EDITORIALI
Trentamila persone sono state detenute per sbaglio. Ecco il vero dramma della giustizia italiana
Ogni anno, dal 1991 a oggi, mille persone sono finite dietro le sbarre da innocenti per ingiusta detenzione o errore giudiziario. Il tutto per una spesa complessiva da parte dello stato di quasi 900 milioni di euro
Mentre i partiti continuano ad azzuffarsi attorno alla riforma del Csm e dell’ordinamento giudiziario, con l’Associazione nazionale magistrati pronta addirittura a dichiarare uno sciopero preventivo, alcuni numeri mostrano il vero sfacelo della giustizia italiana. Dal 1991 al 2021, 30.017 persone – cioè mille ogni anno – sono state vittime di ingiusta detenzione, cioè hanno subito una custodia cautelare in carcere o agli arresti domiciliari, salvo poi essere assolte. Il tutto per una spesa complessiva da parte dello stato di 819 milioni di euro, una media appena superiore ai 27 milioni di euro l’anno. Per quanto riguarda gli errori giudiziari veri e propri, cioè i casi di coloro che, dopo essere stati condannati con sentenza definitiva, vengono assolti in seguito a un processo di revisione, questi sono stati 214, con una spesa in risarcimenti di 76 milioni di euro.

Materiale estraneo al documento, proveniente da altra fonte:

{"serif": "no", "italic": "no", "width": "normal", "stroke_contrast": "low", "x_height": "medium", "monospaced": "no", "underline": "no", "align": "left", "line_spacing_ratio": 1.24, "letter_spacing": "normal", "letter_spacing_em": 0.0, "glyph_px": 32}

A fornire questi numeri, aggiornati al 31 dicembre 2021, è l’associazione “Errori giudiziari”, che da decenni approfondisce il fenomeno degli innocenti in manette nel nostro paese. Nel 2021 i casi di ingiusta detenzione sono stati 565. Per queste persone sono stati disposti indennizzi pari a 24 milioni e mezzo di euro. Rispetto all’anno precedente, nota l’associazione, si assiste a un calo sia nel numero di casi sia nella spesa. Le ragioni sono da legare molto probabilmente alla pandemia, che continua a far sentire i suoi effetti sull’attività giudiziaria su tutti i livelli, dunque anche sul lavoro delle corti d’appello incaricate di smaltire le istanze di riparazione per ingiusta detenzione.
Secondo “Errori giudiziari”, tuttavia, non è da escludere che incida molto anche una tendenza restrittiva dello stato, che respinge la stragrande maggioranza delle domande presentate o tende comunque a liquidare importi sempre molto vicini ai minimi di legge. I numeri, comunque, restano impietosi, e dovrebbero indurre la politica – così come la magistratura – a un maggiore senso di responsabilità nel trattare la riforma della giustizia.